Saved entries

-- Opening Marker --

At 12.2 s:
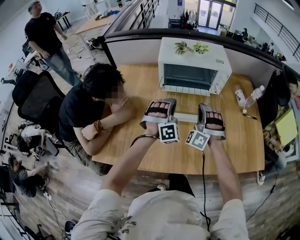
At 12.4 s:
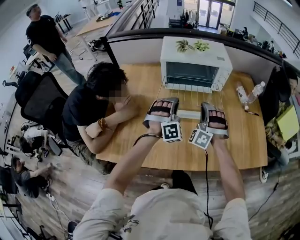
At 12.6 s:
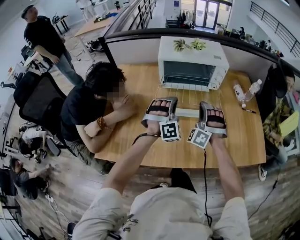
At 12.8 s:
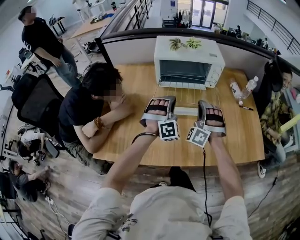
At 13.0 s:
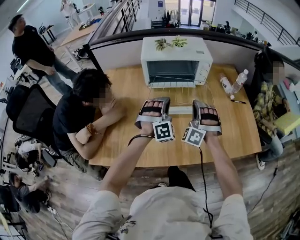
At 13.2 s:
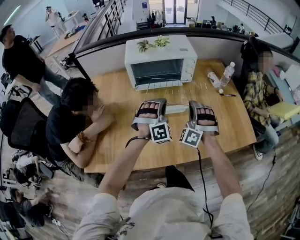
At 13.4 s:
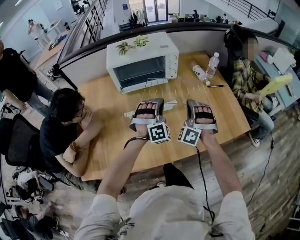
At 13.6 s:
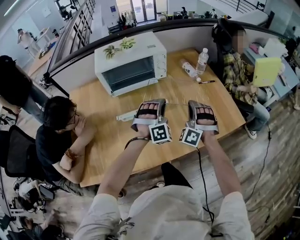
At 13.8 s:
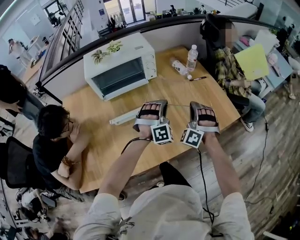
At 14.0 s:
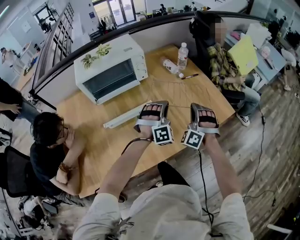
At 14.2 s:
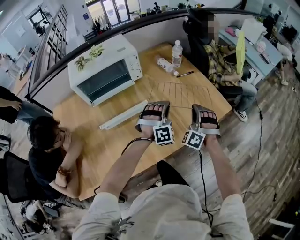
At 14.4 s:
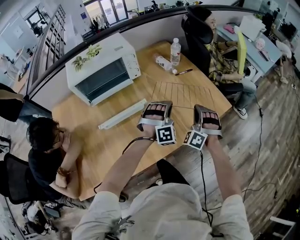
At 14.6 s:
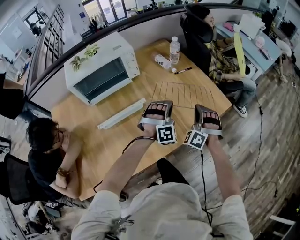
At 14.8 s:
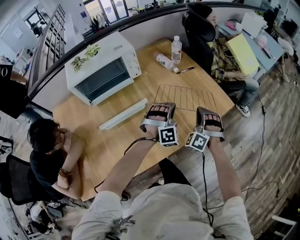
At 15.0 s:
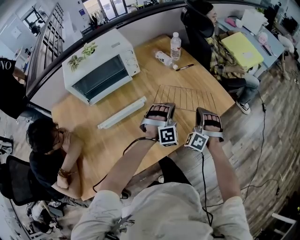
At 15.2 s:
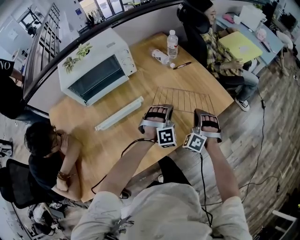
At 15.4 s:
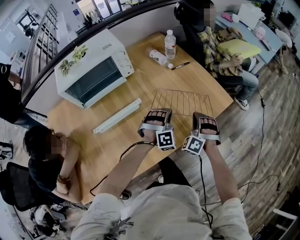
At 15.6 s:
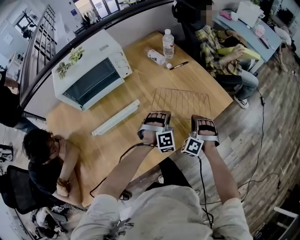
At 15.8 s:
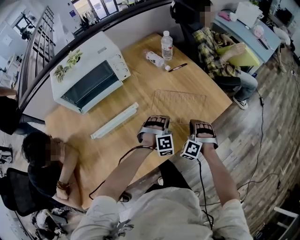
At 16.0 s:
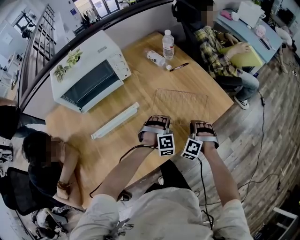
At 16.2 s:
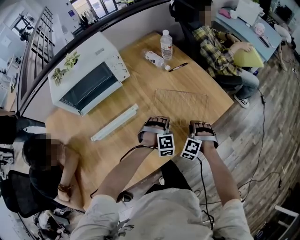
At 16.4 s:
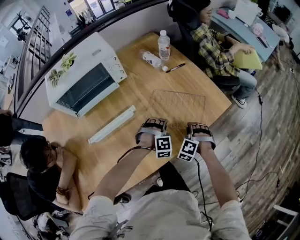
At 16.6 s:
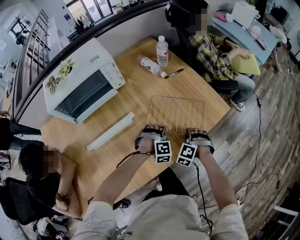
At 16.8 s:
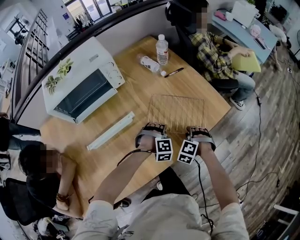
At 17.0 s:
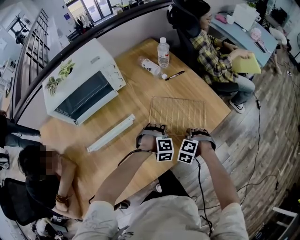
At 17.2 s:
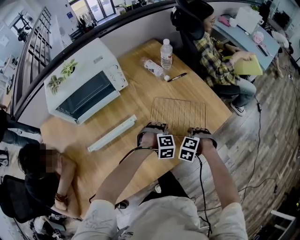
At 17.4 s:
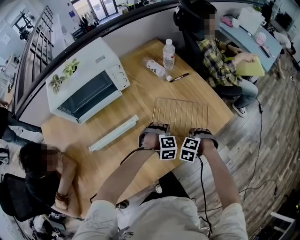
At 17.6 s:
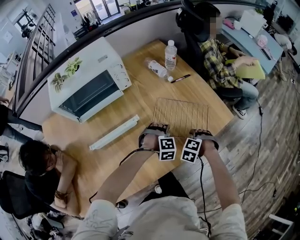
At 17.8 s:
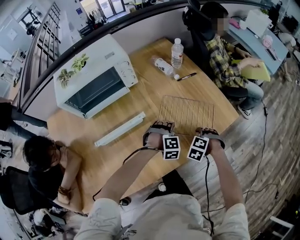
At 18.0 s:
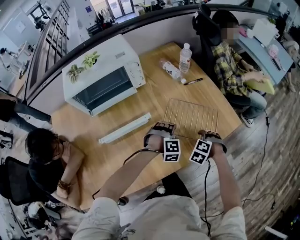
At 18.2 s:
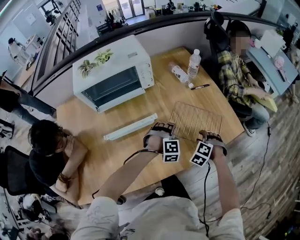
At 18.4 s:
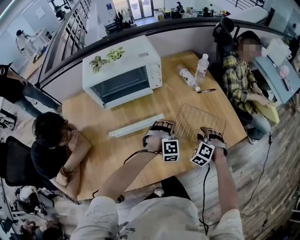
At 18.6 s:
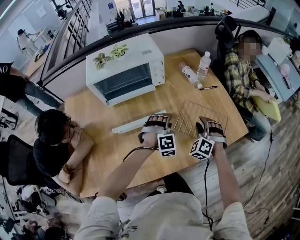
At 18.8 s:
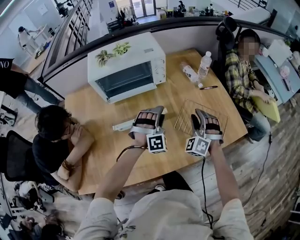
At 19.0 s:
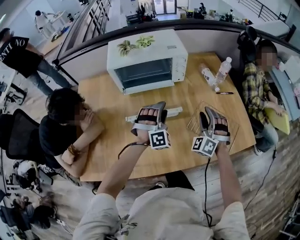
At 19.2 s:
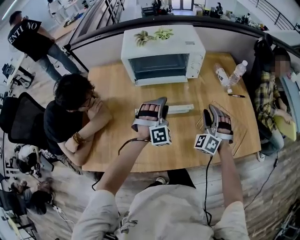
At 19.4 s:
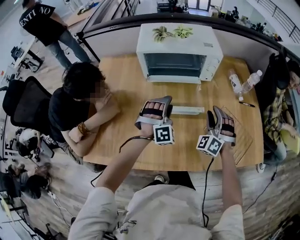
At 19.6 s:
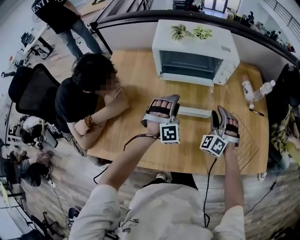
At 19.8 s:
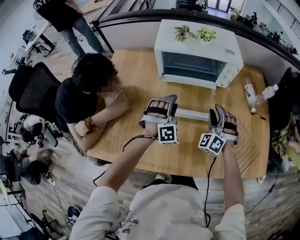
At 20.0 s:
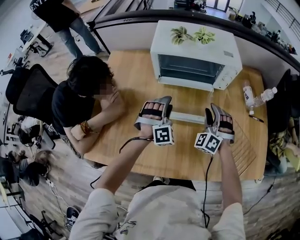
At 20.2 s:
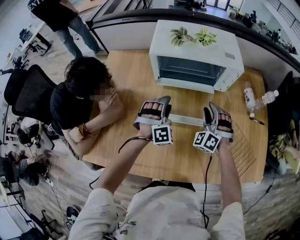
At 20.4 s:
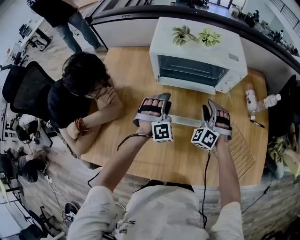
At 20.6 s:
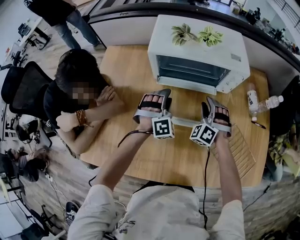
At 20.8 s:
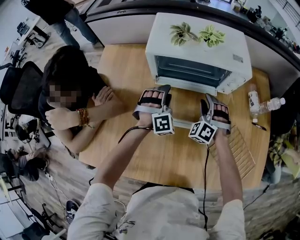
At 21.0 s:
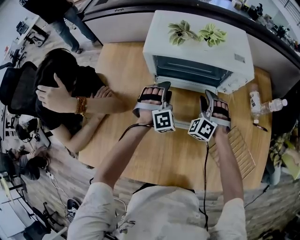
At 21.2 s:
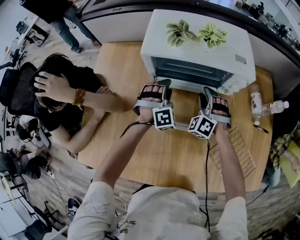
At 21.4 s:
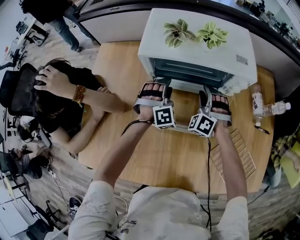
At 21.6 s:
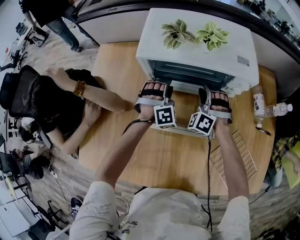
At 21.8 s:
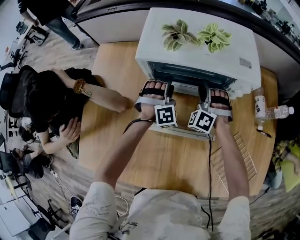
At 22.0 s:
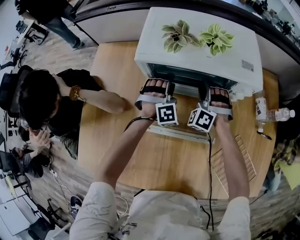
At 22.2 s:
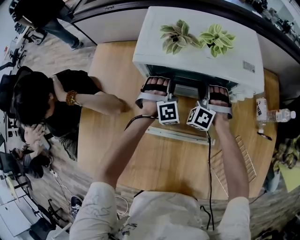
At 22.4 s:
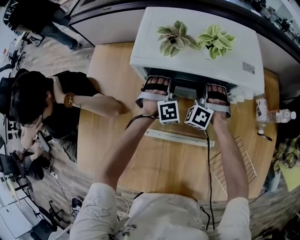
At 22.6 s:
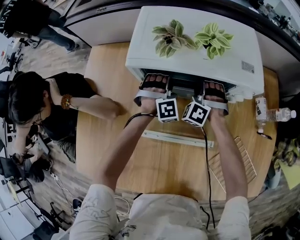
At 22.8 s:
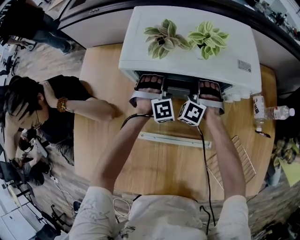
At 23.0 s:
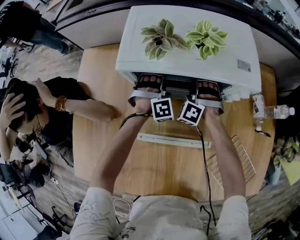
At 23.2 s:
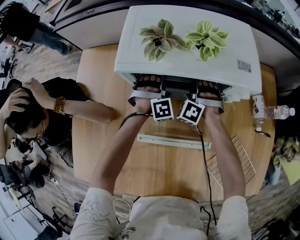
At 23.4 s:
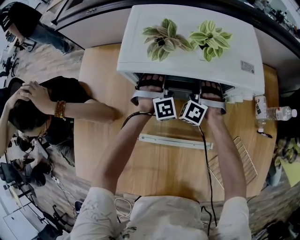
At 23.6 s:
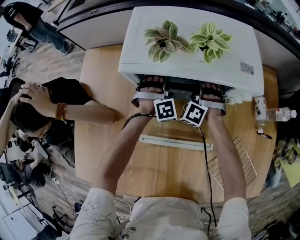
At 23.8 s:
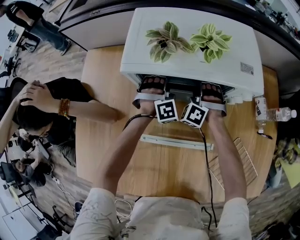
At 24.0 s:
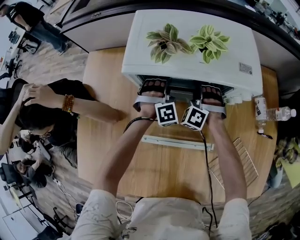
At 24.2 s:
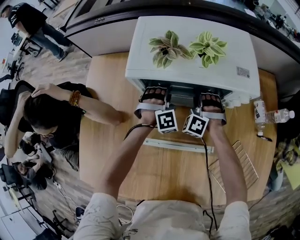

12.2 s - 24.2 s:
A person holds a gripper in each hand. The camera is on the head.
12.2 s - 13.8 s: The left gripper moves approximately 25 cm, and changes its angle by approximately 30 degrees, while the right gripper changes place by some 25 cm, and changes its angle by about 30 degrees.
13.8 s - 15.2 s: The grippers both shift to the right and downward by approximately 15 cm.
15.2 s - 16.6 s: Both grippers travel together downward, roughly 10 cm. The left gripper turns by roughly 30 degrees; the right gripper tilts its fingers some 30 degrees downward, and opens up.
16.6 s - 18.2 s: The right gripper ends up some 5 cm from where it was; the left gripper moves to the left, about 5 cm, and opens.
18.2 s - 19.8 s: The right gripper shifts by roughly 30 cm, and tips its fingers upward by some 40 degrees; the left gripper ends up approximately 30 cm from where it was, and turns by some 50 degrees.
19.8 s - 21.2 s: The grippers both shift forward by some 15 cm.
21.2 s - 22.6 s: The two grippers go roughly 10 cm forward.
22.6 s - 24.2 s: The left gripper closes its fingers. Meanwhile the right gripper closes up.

-- Closing Marker --

▸ Work required:
Return all records exactly; no pictures.

▸ Answer area:
At 12.2 s:
At 12.4 s:
At 12.6 s:
At 12.8 s:
At 13.0 s:
At 13.2 s:
At 13.4 s:
At 13.6 s:
At 13.8 s:
At 14.0 s:
At 14.2 s:
At 14.4 s:
At 14.6 s:
At 14.8 s:
At 15.0 s:
At 15.2 s:
At 15.4 s:
At 15.6 s:
At 15.8 s:
At 16.0 s:
At 16.2 s:
At 16.4 s:
At 16.6 s:
At 16.8 s:
At 17.0 s:
At 17.2 s:
At 17.4 s:
At 17.6 s:
At 17.8 s:
At 18.0 s:
At 18.2 s:
At 18.4 s:
At 18.6 s:
At 18.8 s:
At 19.0 s:
At 19.2 s:
At 19.4 s:
At 19.6 s:
At 19.8 s:
At 20.0 s:
At 20.2 s:
At 20.4 s:
At 20.6 s:
At 20.8 s:
At 21.0 s:
At 21.2 s:
At 21.4 s:
At 21.6 s:
At 21.8 s:
At 22.0 s:
At 22.2 s:
At 22.4 s:
At 22.6 s:
At 22.8 s:
At 23.0 s:
At 23.2 s:
At 23.4 s:
At 23.6 s:
At 23.8 s:
At 24.0 s:
At 24.2 s:

12.2 s - 24.2 s:
A person holds a gripper in each hand. The camera is on the head.
12.2 s - 13.8 s: The left gripper moves approximately 25 cm, and changes its angle by approximately 30 degrees, while the right gripper changes place by some 25 cm, and changes its angle by about 30 degrees.
13.8 s - 15.2 s: The grippers both shift to the right and downward by approximately 15 cm.
15.2 s - 16.6 s: Both grippers travel together downward, roughly 10 cm. The left gripper turns by roughly 30 degrees; the right gripper tilts its fingers some 30 degrees downward, and opens up.
16.6 s - 18.2 s: The right gripper ends up some 5 cm from where it was; the left gripper moves to the left, about 5 cm, and opens.
18.2 s - 19.8 s: The right gripper shifts by roughly 30 cm, and tips its fingers upward by some 40 degrees; the left gripper ends up approximately 30 cm from where it was, and turns by some 50 degrees.
19.8 s - 21.2 s: The grippers both shift forward by some 15 cm.
21.2 s - 22.6 s: The two grippers go roughly 10 cm forward.
22.6 s - 24.2 s: The left gripper closes its fingers. Meanwhile the right gripper closes up.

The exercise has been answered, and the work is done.